Este martes –9 de agosto– la Bolsa de Nueva York finalizó sus operaciones con un desplome en sus diferentes indicadores, afectada principalmente por la expectativa y el temor que sigue reinando entre los inversionistas, frente al dato de inflación para julio que será revelado mañana por el Gobierno de ese país.

Tras sonar la campana que anuncia el cierre de este mercado, el índice Dow Jones, de los industriales, cayó 58,13 puntos, hasta 32.774,41, mientras que el selectivo S&P 500 retrocedió un 0,42 % o 17,59 enteros, hasta 4.122,47.

Por otra parte, el Nasdaq, que sigue el comportamiento de las empresas de tecnología, retrocedió 150,53 unidades, hasta 12.494,93, convirtiéndose así en el más afectado de esta sesión, donde los inversionistas prefirieron esperar a lo que pueda pasar el miércoles, luego de que se conozca si la inflación en este país subió, se mantuvo o finalmente bajó.

Con el fantasma de la recesión más cerca, a los Estados Unidos le urge que el costo de vida empiece a ceder. No obstante, los diferentes indicadores revelados recientemente, como el de desempleo, dan señales de que por fin llegó el pico y la inflación empezará a bajar, como resultado de las acciones adelantadas por la Fed.

Los mercados permanecen atentos a los índices de inflación IPC que se conocerán el miércoles y de los precios al productor esperados para el jueves, pues podrían marcar la postura de la Reserva Federal (Fed, banco central) en el futuro.

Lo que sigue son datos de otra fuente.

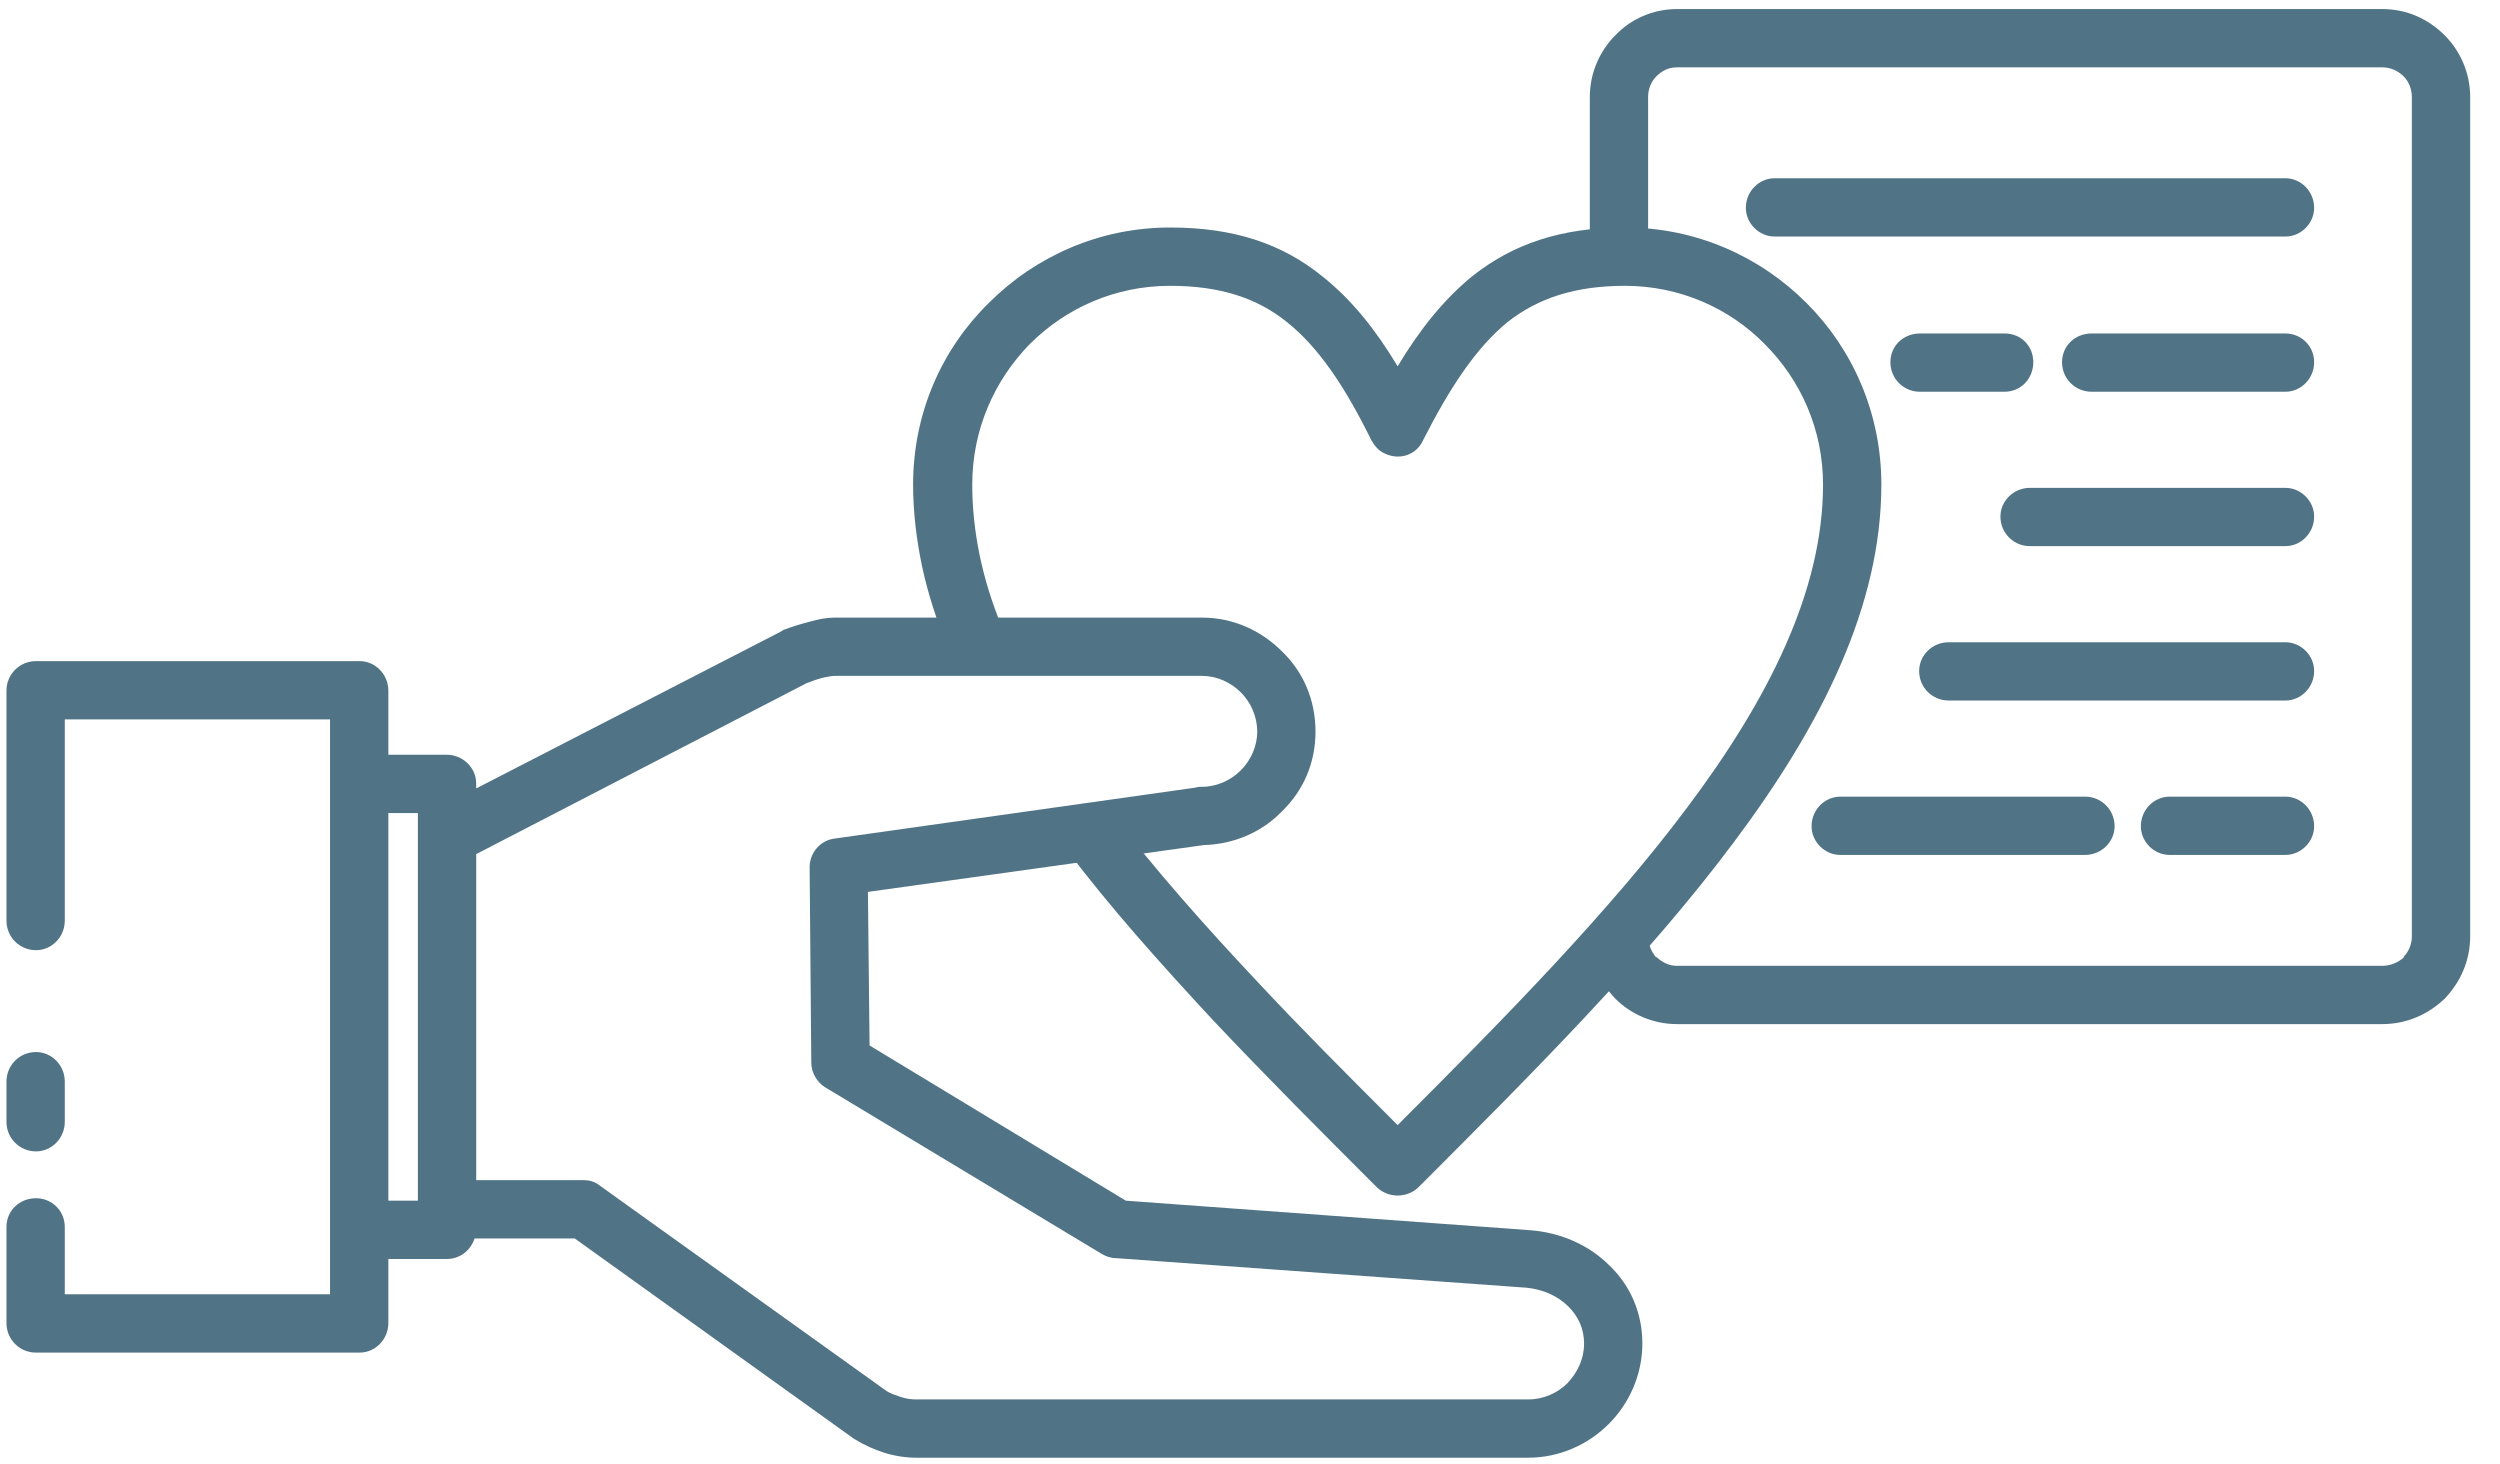 <svg width="70" height="41" viewBox="0 0 70 41" fill="none" xmlns="http://www.w3.org/2000/svg">
<path d="M0.181 31.411C0.181 31.871 0.549 32.239 1.009 32.239C1.446 32.239 1.814 31.871 1.814 31.411V30.285C1.814 29.825 1.446 29.457 1.009 29.457C0.549 29.457 0.181 29.825 0.181 30.285V31.411ZM13.334 23.915L22.578 19.132C22.693 19.086 22.877 19.017 23.061 18.971C23.199 18.948 23.291 18.925 23.36 18.925H33.661C34.075 18.925 34.466 19.109 34.742 19.385C35.018 19.661 35.202 20.052 35.202 20.489C35.202 20.903 35.018 21.294 34.742 21.57C34.466 21.846 34.075 22.03 33.661 22.03C33.592 22.03 33.546 22.03 33.477 22.053L23.383 23.478C22.946 23.524 22.647 23.915 22.67 24.329L22.716 29.756C22.716 30.032 22.877 30.308 23.107 30.446L30.856 35.114C30.971 35.182 31.109 35.228 31.247 35.228L42.744 36.056C43.204 36.102 43.618 36.286 43.917 36.585C44.193 36.861 44.354 37.206 44.354 37.62C44.354 38.057 44.17 38.425 43.894 38.724C43.618 39 43.227 39.184 42.79 39.184H25.659C25.498 39.184 25.36 39.161 25.222 39.115C25.084 39.069 24.946 39.023 24.831 38.954L16.806 33.205C16.668 33.09 16.507 33.044 16.346 33.044H13.334V23.915ZM21.865 17.684L13.334 22.076V21.938C13.334 21.501 12.966 21.133 12.506 21.133H10.874V19.339C10.874 18.879 10.506 18.511 10.069 18.511H1.009C0.549 18.511 0.181 18.879 0.181 19.339V25.778C0.181 26.238 0.549 26.605 1.009 26.605C1.446 26.605 1.814 26.238 1.814 25.778V20.144H9.241V21.938V34.447V36.24H1.814V34.355C1.814 33.895 1.446 33.55 1.009 33.55C0.549 33.55 0.181 33.895 0.181 34.355V37.045C0.181 37.505 0.549 37.873 1.009 37.873H10.069C10.506 37.873 10.874 37.505 10.874 37.045V35.252H12.506C12.874 35.252 13.173 35.022 13.288 34.677H16.093L23.912 40.287C23.934 40.287 23.934 40.31 23.957 40.31C24.21 40.471 24.486 40.586 24.762 40.678C25.061 40.77 25.36 40.816 25.659 40.816H42.79C43.664 40.816 44.469 40.448 45.044 39.873C45.618 39.299 45.986 38.494 45.986 37.62C45.986 36.746 45.641 35.987 45.066 35.435C44.492 34.861 43.71 34.516 42.859 34.447L31.523 33.619L24.348 29.273L24.302 24.973L33.707 23.662C34.558 23.639 35.34 23.294 35.892 22.72C36.49 22.145 36.834 21.363 36.834 20.489C36.834 19.592 36.49 18.81 35.892 18.235C35.317 17.661 34.535 17.293 33.661 17.293H23.36C23.153 17.293 22.9 17.339 22.67 17.408C22.394 17.477 22.118 17.569 21.934 17.638C21.911 17.661 21.888 17.661 21.865 17.684ZM11.701 33.619H10.874V22.765H11.701V33.619Z" fill="#507486"/>
<path d="M31.178 22.834C30.902 22.467 30.396 22.398 30.051 22.674C29.683 22.95 29.614 23.455 29.89 23.823C31.086 25.41 32.489 26.974 33.96 28.56C35.478 30.17 37.018 31.71 38.559 33.251C38.881 33.55 39.387 33.55 39.709 33.251C42.905 30.055 46.101 26.859 48.539 23.593C51.022 20.282 52.678 16.948 52.678 13.568C52.678 11.567 51.873 9.774 50.585 8.486C49.275 7.175 47.481 6.37 45.503 6.37C43.71 6.37 42.353 6.83 41.203 7.75C40.422 8.394 39.755 9.222 39.134 10.257C38.513 9.222 37.846 8.394 37.041 7.75C35.915 6.83 34.558 6.37 32.764 6.37C30.787 6.37 28.993 7.175 27.683 8.486C26.372 9.774 25.567 11.567 25.567 13.568C25.567 14.326 25.659 15.108 25.82 15.867C25.981 16.626 26.234 17.385 26.533 18.144C26.694 18.558 27.177 18.765 27.591 18.604C28.005 18.442 28.212 17.96 28.05 17.546C27.775 16.879 27.568 16.212 27.43 15.545C27.292 14.878 27.223 14.211 27.223 13.568C27.223 12.027 27.844 10.647 28.832 9.636C29.844 8.624 31.224 8.003 32.764 8.003C34.167 8.003 35.202 8.348 36.03 9.015C36.926 9.728 37.662 10.831 38.398 12.326C38.49 12.487 38.605 12.625 38.766 12.694C39.18 12.901 39.663 12.74 39.847 12.326C40.606 10.831 41.341 9.728 42.215 9.015C43.066 8.348 44.101 8.003 45.503 8.003C47.021 8.003 48.424 8.624 49.413 9.636C50.424 10.647 51.045 12.027 51.045 13.568C51.045 16.534 49.528 19.569 47.228 22.628C45.044 25.548 42.1 28.537 39.134 31.503C37.754 30.124 36.375 28.744 35.156 27.433C33.707 25.893 32.35 24.352 31.178 22.834Z" fill="#507486"/>
<path d="M44.515 26.215C44.515 26.904 44.791 27.502 45.228 27.962C45.664 28.399 46.285 28.675 46.952 28.675H66.705C67.394 28.675 67.992 28.399 68.452 27.962C68.889 27.502 69.165 26.904 69.165 26.215V2.714C69.165 2.047 68.889 1.427 68.452 0.99C67.992 0.53 67.394 0.254 66.705 0.254H46.952C46.285 0.254 45.664 0.53 45.228 0.99C44.791 1.427 44.515 2.047 44.515 2.714V7.198H46.147V2.714C46.147 2.484 46.239 2.277 46.377 2.139C46.538 1.978 46.722 1.886 46.952 1.886H66.705C66.935 1.886 67.141 1.978 67.302 2.139C67.44 2.277 67.532 2.484 67.532 2.714V26.215C67.532 26.445 67.44 26.652 67.302 26.79V26.813C67.141 26.951 66.935 27.043 66.705 27.043H46.952C46.745 27.043 46.538 26.951 46.377 26.79V26.813C46.239 26.652 46.147 26.445 46.147 26.215H44.515Z" fill="#507486"/>
<path d="M63.991 6.623C64.428 6.623 64.796 6.255 64.796 5.819C64.796 5.359 64.428 4.991 63.991 4.991H49.688C49.252 4.991 48.884 5.359 48.884 5.819C48.884 6.255 49.252 6.623 49.688 6.623H63.991Z" fill="#507486"/>
<path d="M63.991 10.969C64.428 10.969 64.796 10.601 64.796 10.142C64.796 9.682 64.428 9.337 63.991 9.337H58.564C58.105 9.337 57.737 9.682 57.737 10.142C57.737 10.601 58.105 10.969 58.564 10.969H63.991Z" fill="#507486"/>
<path d="M63.991 15.292C64.428 15.292 64.796 14.924 64.796 14.464C64.796 14.028 64.428 13.66 63.991 13.66H56.84C56.38 13.66 56.012 14.028 56.012 14.464C56.012 14.924 56.38 15.292 56.84 15.292H63.991Z" fill="#507486"/>
<path d="M63.991 19.615C64.428 19.615 64.796 19.247 64.796 18.788C64.796 18.351 64.428 17.983 63.991 17.983H54.563C54.103 17.983 53.736 18.351 53.736 18.788C53.736 19.247 54.103 19.615 54.563 19.615H63.991Z" fill="#507486"/>
<path d="M63.991 23.938C64.428 23.938 64.796 23.57 64.796 23.134C64.796 22.674 64.428 22.306 63.991 22.306H60.749C60.312 22.306 59.944 22.674 59.944 23.134C59.944 23.57 60.312 23.938 60.749 23.938H63.991Z" fill="#507486"/>
<path d="M53.758 9.337C53.298 9.337 52.931 9.682 52.931 10.142C52.931 10.601 53.298 10.969 53.758 10.969H56.127C56.587 10.969 56.932 10.601 56.932 10.142C56.932 9.682 56.587 9.337 56.127 9.337H53.758Z" fill="#507486"/>
<path d="M51.528 22.306C51.091 22.306 50.724 22.674 50.724 23.134C50.724 23.57 51.091 23.938 51.528 23.938H58.381C58.841 23.938 59.209 23.57 59.209 23.134C59.209 22.674 58.841 22.306 58.381 22.306H51.528Z" fill="#507486"/>
</svg>

Esta tensión no se vive únicamente en Wall Street, pues las principales bolsas europeas cerraron en rojo este martes –salvo Londres y Madrid– tras una sesión marcada por malos resultados de las empresas tecnológicas y con los ojos puestos en la publicación el miércoles de los datos de inflación estadounidense.

El índice FTSE de la Bolsa de Londres subió ligeramente, un 0,08 % mientras el DAX de Fráncfort cedió un 1,12 %. En París, el indicador CAC40 bajó un 0,53 % y en Milán, el FTSE MIB se redujo un 1,05 %, mientras que en Madrid, el IBEX35 subió un 0,48 %.

Wall Street - indicadores | Foto: Getty Images

La productividad de EE. UU. sigue perdiendo terreno

La productividad en Estados Unidos sufrió en el segundo trimestre su mayor caída desde que se tenga registro, mientras los costos laborales subieron a un ritmo que no se veía desde 1982, contribuyendo a la elevada inflación reinante en el país norteamericano.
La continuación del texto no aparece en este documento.